◆ Task details: Below are the entries; give again exactly the lines from the one mentioning "FILE_NAME ('HT.050.025.STEP', '2019-10-29T08:56:05', ( ''" through the one mentioning "Topology: 1 solids, 1 shells, 40", inclusive.

◆ Data for analysis:
*** Begin section ***

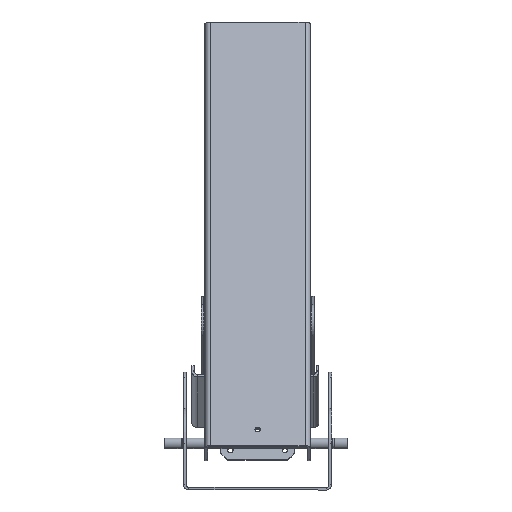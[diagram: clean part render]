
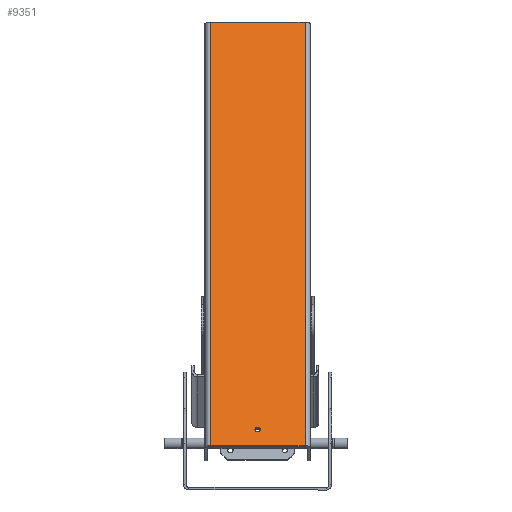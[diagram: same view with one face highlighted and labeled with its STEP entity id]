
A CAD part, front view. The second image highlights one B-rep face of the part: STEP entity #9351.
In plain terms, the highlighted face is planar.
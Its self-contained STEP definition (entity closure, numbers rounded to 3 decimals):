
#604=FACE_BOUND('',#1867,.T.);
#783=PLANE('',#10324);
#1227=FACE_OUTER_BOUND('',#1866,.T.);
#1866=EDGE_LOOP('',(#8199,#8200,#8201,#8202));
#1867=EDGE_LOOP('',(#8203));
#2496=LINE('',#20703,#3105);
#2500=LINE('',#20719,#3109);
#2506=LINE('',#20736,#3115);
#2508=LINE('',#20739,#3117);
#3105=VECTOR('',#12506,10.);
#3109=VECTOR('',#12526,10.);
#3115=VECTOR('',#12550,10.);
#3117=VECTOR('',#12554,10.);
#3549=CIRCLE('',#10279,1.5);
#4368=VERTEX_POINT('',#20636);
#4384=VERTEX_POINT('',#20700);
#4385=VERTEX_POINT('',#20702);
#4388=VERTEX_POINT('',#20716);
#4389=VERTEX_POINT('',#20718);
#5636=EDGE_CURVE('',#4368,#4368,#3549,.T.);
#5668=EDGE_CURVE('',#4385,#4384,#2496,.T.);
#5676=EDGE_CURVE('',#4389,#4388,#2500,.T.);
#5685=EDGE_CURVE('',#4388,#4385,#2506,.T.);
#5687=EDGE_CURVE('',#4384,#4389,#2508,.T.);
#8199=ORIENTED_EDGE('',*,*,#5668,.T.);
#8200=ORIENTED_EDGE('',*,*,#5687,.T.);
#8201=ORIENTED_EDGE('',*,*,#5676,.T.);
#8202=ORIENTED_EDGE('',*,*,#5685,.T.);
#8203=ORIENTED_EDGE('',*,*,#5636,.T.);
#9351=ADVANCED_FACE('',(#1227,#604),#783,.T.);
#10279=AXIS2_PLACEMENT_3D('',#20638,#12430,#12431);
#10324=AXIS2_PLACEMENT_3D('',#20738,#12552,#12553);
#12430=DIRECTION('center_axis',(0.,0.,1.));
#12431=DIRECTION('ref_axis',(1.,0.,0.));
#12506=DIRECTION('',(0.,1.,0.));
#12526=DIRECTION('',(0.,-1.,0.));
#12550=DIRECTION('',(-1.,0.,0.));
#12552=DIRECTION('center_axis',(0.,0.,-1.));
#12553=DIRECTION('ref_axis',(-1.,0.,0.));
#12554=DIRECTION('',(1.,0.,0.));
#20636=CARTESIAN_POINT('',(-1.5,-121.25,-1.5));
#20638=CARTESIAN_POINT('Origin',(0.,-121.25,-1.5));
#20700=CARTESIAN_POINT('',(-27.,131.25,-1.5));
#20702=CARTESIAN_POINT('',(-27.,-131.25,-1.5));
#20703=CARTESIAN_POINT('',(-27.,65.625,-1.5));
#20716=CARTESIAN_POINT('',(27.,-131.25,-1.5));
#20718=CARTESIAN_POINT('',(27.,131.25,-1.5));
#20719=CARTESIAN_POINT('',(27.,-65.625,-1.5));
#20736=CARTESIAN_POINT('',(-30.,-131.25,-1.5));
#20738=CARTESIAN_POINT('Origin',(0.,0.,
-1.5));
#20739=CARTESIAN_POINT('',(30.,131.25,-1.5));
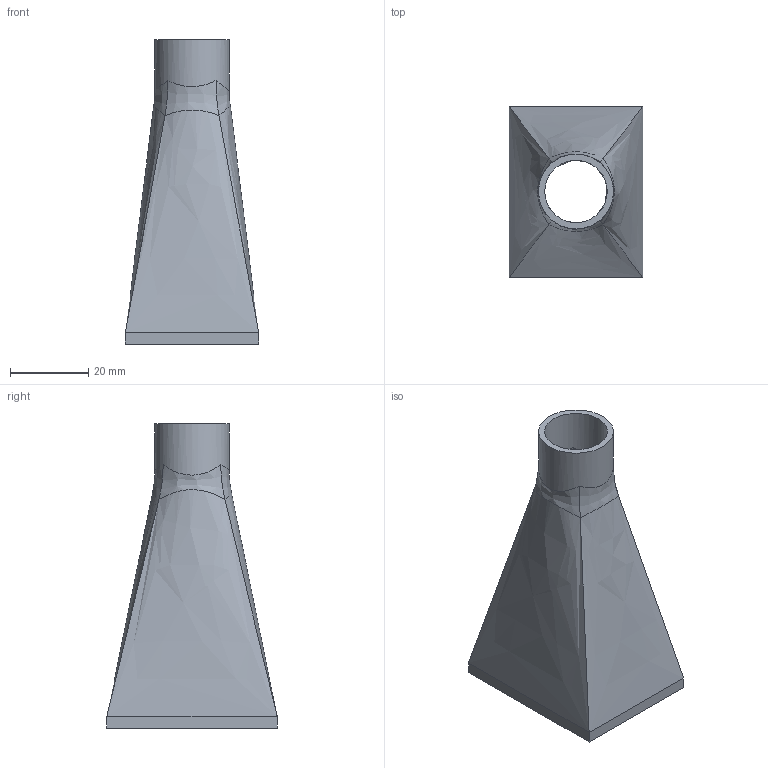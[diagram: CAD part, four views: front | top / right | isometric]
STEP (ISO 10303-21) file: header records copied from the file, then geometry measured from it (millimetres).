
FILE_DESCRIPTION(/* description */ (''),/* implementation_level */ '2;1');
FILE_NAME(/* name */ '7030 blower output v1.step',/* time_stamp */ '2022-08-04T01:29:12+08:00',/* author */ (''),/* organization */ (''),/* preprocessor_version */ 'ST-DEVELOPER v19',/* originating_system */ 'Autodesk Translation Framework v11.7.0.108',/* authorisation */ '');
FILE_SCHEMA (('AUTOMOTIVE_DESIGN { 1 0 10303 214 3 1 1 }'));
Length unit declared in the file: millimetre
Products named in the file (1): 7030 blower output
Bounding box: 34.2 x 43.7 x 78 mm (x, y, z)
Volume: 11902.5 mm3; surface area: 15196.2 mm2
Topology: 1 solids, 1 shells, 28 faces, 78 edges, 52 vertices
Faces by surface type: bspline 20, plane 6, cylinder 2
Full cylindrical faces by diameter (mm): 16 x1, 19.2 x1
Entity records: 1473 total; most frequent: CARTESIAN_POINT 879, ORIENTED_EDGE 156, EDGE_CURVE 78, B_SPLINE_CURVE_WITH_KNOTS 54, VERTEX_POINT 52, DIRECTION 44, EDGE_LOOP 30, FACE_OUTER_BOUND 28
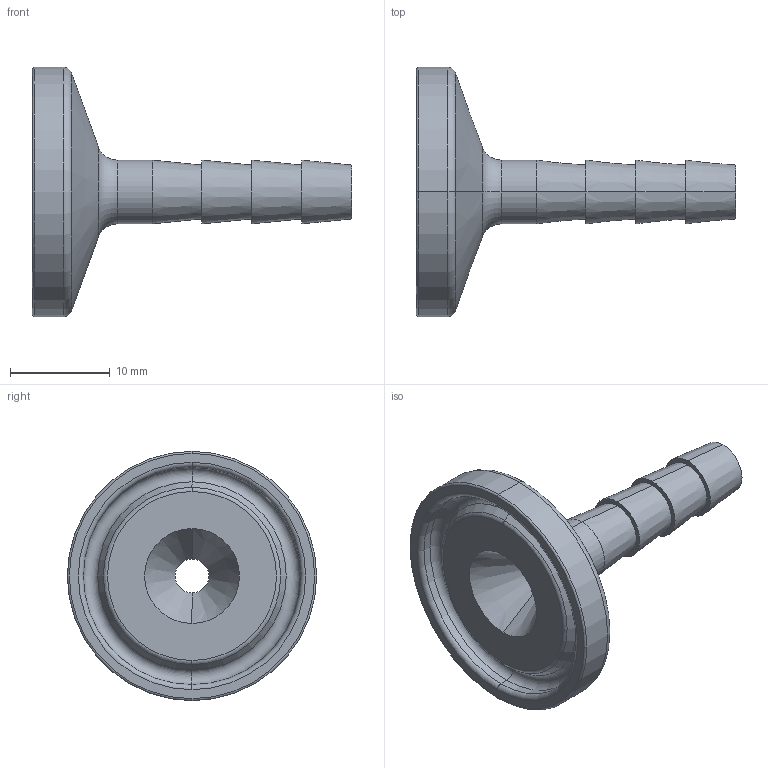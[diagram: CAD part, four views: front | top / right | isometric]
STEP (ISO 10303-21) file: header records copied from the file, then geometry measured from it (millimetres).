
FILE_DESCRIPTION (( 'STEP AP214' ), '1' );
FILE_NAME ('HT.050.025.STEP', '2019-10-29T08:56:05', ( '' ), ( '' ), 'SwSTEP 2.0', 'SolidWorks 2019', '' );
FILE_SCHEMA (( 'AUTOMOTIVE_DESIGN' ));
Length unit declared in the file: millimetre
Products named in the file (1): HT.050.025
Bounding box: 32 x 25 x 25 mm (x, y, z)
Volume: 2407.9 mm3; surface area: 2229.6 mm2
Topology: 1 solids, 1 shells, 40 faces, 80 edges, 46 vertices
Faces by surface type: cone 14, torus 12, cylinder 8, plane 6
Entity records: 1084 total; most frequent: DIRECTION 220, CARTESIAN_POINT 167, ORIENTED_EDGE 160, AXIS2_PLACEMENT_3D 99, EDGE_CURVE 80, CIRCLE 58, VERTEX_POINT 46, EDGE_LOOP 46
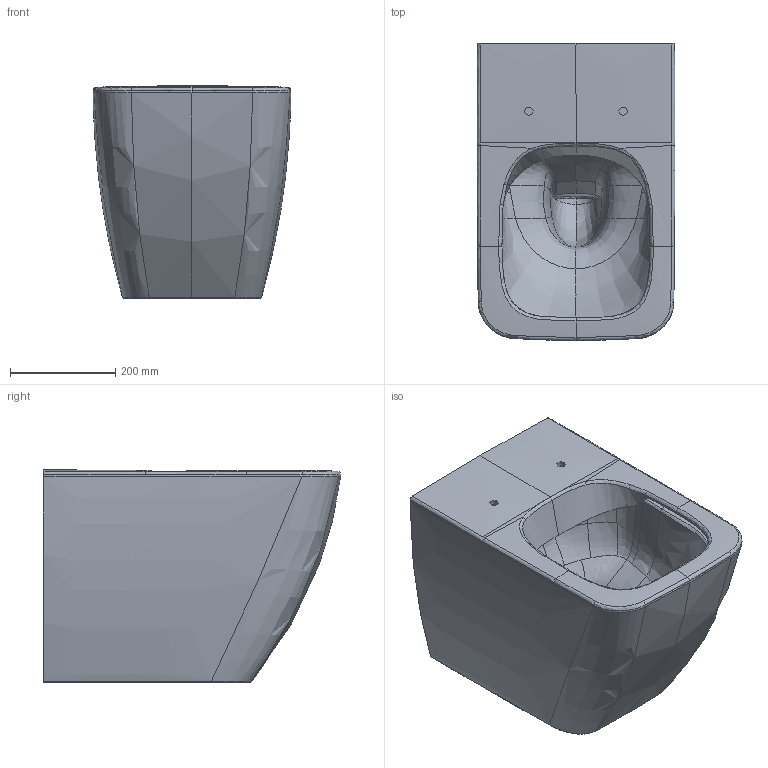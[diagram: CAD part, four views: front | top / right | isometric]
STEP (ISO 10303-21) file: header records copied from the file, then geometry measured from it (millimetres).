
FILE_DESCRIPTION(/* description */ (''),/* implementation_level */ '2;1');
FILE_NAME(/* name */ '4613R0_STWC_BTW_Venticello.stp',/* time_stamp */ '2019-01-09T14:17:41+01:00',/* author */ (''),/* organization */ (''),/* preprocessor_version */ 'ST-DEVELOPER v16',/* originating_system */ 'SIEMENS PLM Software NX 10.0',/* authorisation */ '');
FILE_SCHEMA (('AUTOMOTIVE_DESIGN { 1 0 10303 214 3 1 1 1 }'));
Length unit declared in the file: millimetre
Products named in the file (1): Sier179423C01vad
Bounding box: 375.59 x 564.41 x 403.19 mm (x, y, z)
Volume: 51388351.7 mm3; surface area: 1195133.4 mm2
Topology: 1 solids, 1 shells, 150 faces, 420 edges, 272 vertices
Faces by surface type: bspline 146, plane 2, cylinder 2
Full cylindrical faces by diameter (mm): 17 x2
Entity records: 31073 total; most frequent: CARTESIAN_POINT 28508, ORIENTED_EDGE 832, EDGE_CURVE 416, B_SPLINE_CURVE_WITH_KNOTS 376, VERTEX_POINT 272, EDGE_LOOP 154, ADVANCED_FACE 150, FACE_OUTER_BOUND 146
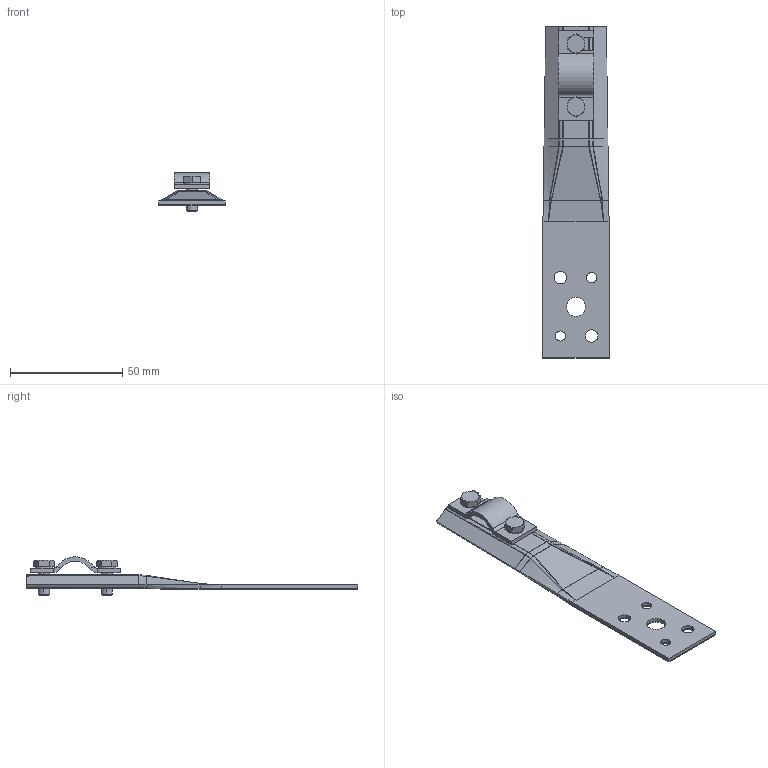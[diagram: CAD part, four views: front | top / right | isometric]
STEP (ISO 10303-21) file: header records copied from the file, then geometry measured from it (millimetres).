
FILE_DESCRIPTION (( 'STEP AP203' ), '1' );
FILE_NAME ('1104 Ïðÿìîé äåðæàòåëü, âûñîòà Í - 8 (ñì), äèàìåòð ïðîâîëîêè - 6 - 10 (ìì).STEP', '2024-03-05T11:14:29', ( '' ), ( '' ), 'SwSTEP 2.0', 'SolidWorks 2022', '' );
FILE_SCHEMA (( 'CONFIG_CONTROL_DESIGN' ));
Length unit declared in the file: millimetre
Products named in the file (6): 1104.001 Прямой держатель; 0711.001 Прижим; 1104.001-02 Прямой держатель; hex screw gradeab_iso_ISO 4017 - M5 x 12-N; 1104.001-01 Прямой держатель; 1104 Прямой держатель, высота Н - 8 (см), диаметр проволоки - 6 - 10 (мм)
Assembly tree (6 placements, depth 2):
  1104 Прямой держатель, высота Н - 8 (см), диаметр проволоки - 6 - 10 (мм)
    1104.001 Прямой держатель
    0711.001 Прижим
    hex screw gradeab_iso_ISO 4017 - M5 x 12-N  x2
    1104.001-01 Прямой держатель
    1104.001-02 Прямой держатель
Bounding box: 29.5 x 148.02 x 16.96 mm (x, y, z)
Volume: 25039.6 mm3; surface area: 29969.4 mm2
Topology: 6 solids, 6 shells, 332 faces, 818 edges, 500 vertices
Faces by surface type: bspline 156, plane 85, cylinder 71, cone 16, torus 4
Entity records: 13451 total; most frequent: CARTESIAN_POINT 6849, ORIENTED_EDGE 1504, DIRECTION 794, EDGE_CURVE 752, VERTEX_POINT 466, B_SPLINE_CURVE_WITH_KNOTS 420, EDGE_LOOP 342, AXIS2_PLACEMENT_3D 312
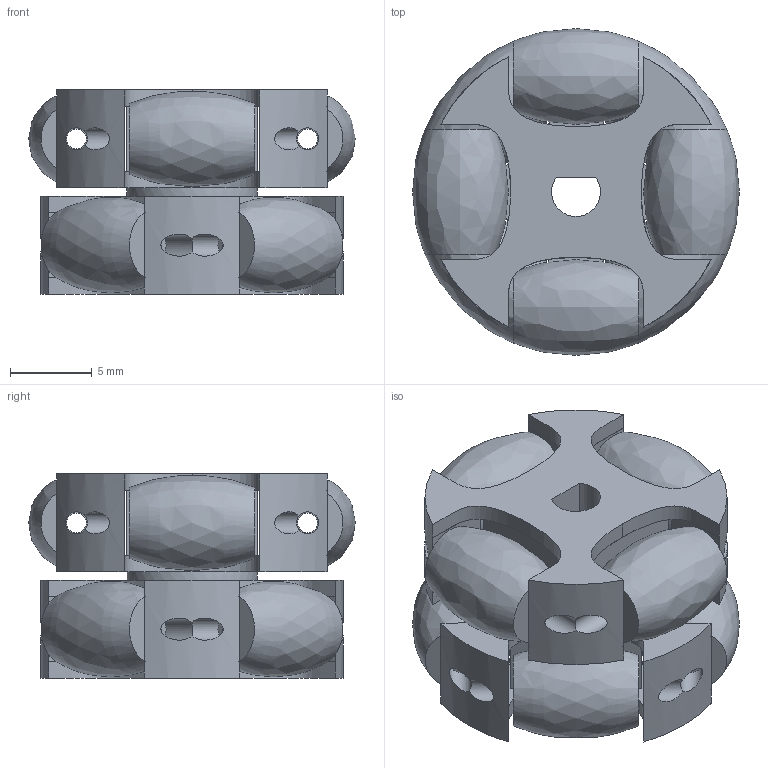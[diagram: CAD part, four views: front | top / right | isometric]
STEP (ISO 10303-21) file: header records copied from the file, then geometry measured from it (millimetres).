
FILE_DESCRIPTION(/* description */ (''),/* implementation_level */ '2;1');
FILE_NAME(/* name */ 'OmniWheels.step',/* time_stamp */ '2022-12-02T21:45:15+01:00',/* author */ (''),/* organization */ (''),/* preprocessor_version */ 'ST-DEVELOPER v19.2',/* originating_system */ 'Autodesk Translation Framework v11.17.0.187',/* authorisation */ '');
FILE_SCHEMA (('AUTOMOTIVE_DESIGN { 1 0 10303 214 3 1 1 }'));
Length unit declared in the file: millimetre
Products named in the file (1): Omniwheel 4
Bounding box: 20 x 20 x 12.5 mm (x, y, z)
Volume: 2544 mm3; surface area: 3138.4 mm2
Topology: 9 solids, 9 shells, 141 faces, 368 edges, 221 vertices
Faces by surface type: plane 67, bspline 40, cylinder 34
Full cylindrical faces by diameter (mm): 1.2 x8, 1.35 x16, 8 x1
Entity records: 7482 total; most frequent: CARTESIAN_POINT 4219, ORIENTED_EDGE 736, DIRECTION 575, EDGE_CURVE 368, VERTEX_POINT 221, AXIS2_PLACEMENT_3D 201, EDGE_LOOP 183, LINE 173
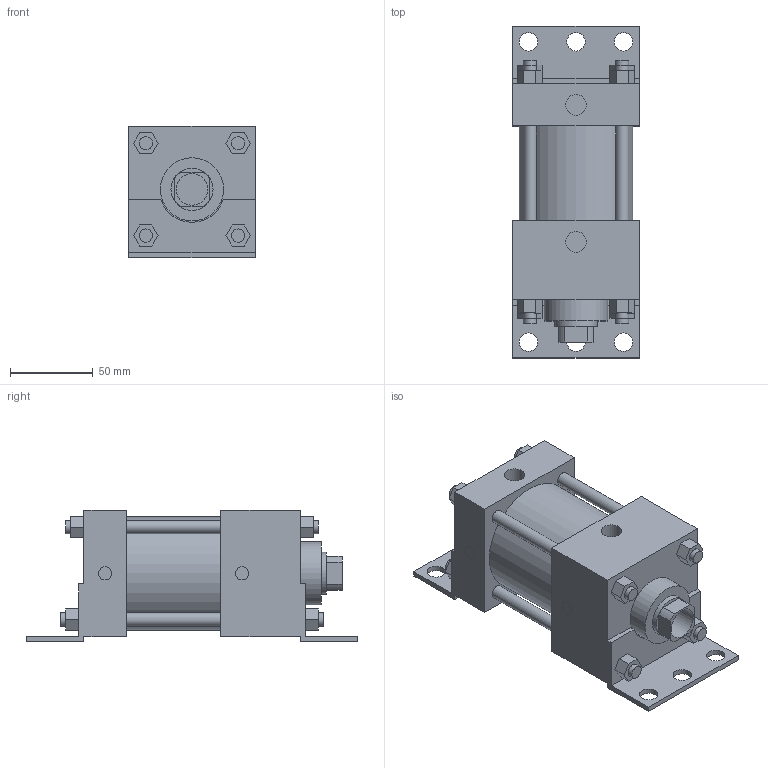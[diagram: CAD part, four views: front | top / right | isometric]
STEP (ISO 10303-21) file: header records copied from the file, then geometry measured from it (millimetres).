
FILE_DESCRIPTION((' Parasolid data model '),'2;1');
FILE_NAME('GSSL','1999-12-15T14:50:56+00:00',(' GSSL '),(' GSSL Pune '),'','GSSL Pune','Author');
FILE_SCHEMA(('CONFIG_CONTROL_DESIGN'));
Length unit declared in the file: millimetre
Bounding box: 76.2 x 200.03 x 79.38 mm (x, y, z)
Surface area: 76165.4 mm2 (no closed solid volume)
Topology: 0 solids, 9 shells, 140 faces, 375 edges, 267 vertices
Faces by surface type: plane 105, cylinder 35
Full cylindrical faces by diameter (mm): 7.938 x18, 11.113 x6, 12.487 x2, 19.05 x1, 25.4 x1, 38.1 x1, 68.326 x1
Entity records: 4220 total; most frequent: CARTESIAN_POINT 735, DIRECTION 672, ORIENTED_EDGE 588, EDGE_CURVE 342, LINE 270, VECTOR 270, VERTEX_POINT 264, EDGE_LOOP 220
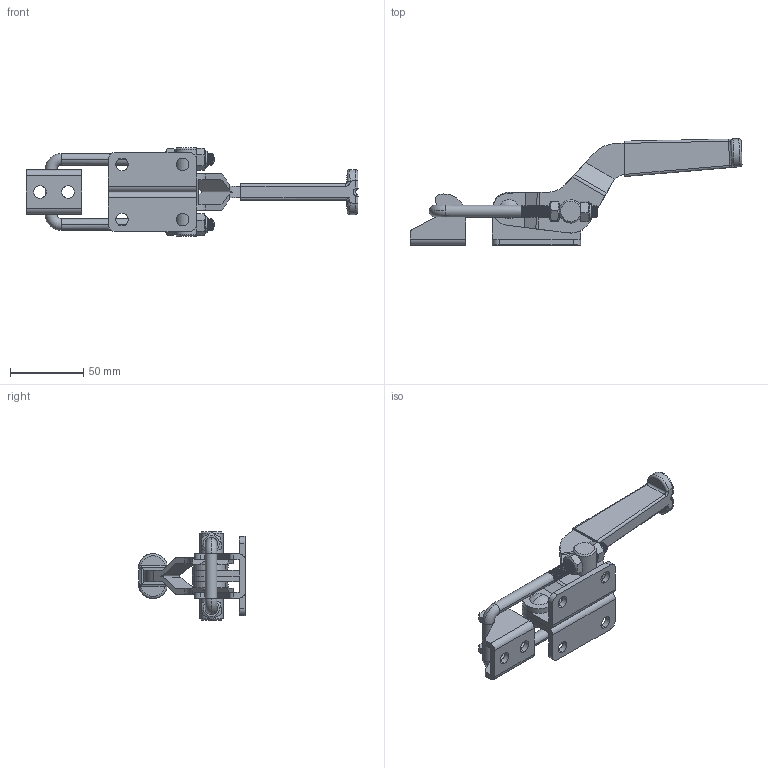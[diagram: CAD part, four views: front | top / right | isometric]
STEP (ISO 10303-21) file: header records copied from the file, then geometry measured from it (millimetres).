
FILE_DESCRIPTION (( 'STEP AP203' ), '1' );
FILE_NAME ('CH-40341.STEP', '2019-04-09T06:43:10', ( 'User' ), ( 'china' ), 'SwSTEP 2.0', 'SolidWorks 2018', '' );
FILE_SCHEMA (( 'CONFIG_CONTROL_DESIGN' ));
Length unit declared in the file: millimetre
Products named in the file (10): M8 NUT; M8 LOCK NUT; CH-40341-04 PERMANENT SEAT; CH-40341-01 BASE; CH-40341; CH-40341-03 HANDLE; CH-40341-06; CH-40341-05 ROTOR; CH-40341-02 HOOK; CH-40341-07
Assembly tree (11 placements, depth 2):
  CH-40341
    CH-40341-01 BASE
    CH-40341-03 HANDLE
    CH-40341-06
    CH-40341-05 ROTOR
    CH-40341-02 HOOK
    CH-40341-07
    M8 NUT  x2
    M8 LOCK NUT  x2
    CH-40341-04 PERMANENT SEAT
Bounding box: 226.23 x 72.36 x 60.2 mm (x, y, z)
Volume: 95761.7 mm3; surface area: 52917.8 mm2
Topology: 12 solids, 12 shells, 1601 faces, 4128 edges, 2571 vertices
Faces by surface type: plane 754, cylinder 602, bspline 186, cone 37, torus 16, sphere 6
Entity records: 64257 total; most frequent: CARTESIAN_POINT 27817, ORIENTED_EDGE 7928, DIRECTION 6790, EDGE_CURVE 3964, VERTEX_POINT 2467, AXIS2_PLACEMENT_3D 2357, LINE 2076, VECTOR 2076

*** End section ***

◆ Result of the exercise:
FILE_NAME ('HT.050.025.STEP', '2019-10-29T08:56:05', ( '' ), ( '' ), 'SwSTEP 2.0', 'SolidWorks 2019', '' );
FILE_SCHEMA (( 'AUTOMOTIVE_DESIGN' ));
Length unit declared in the file: millimetre
Products named in the file (1): HT.050.025
Bounding box: 32 x 25 x 25 mm (x, y, z)
Volume: 2407.9 mm3; surface area: 2229.6 mm2
Topology: 1 solids, 1 shells, 40 faces, 80 edges, 46 vertices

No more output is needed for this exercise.